What is expected: Exactly as they appear, output all of the records. Skip any images.

[Data entries]
· · · · ·
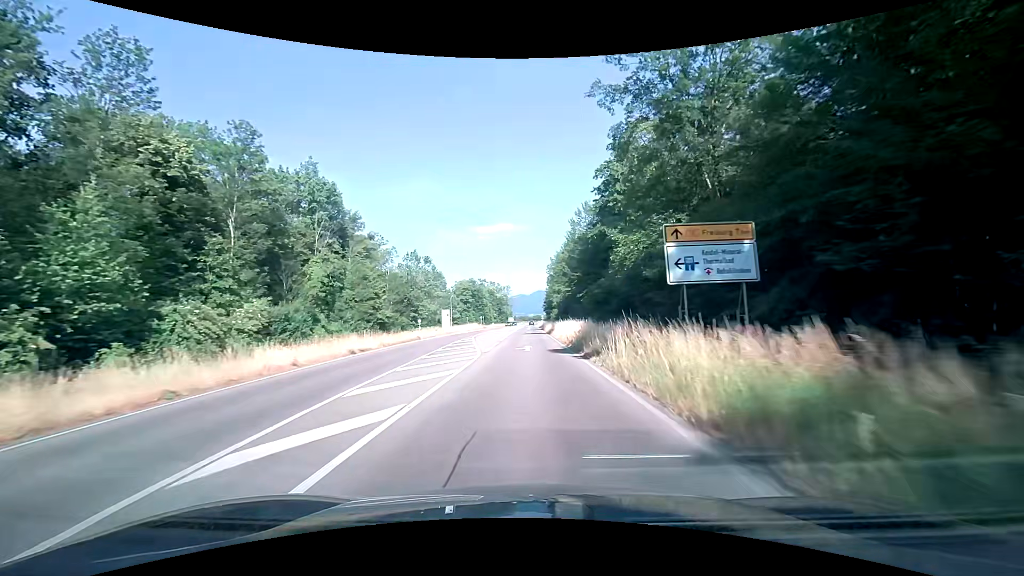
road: primary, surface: asphalt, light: Day
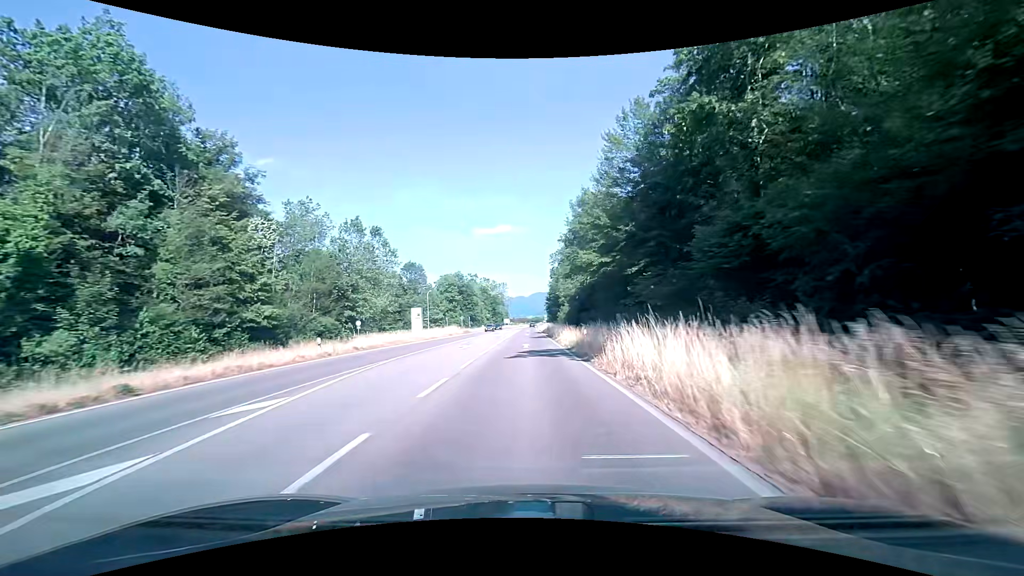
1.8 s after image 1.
(+0.1, +31.4) m; 0°
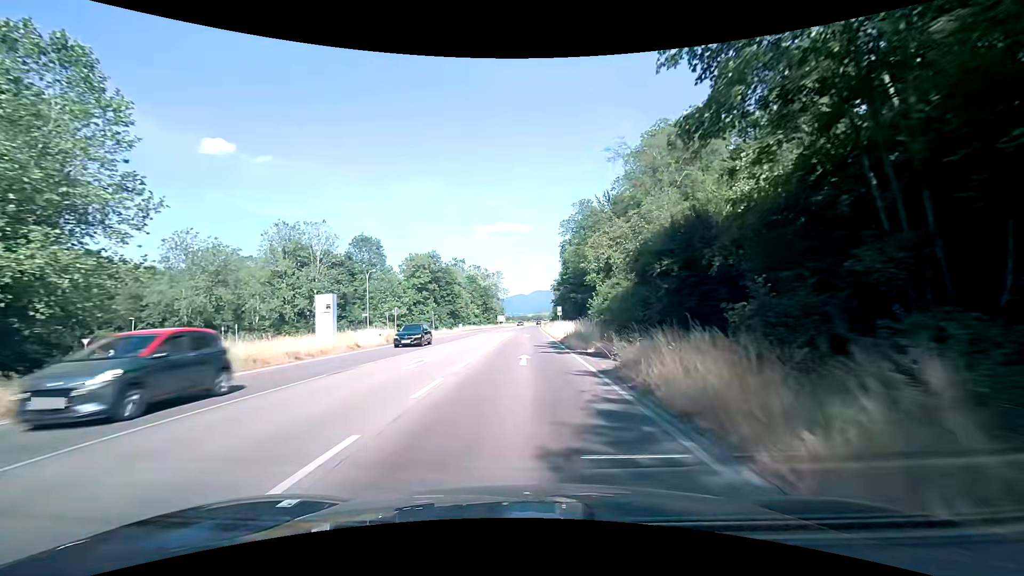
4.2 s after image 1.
(0.0, +42.1) m; 0°
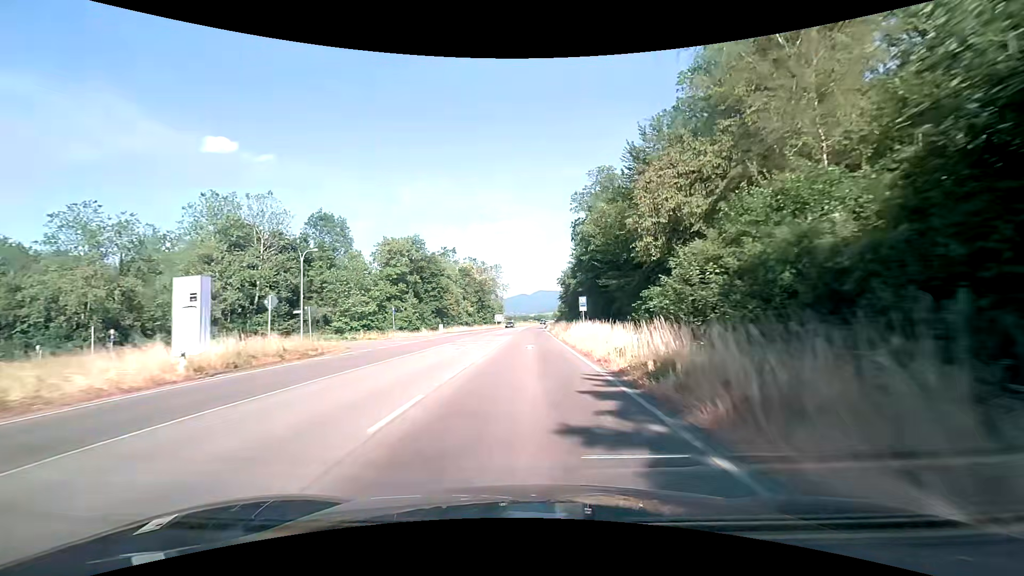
· · · · ·
Written response:
road: primary, surface: asphalt, light: Day
1.8 s after image 1.
(+0.1, +31.4) m; 0°
4.2 s after image 1.
(0.0, +42.1) m; 0°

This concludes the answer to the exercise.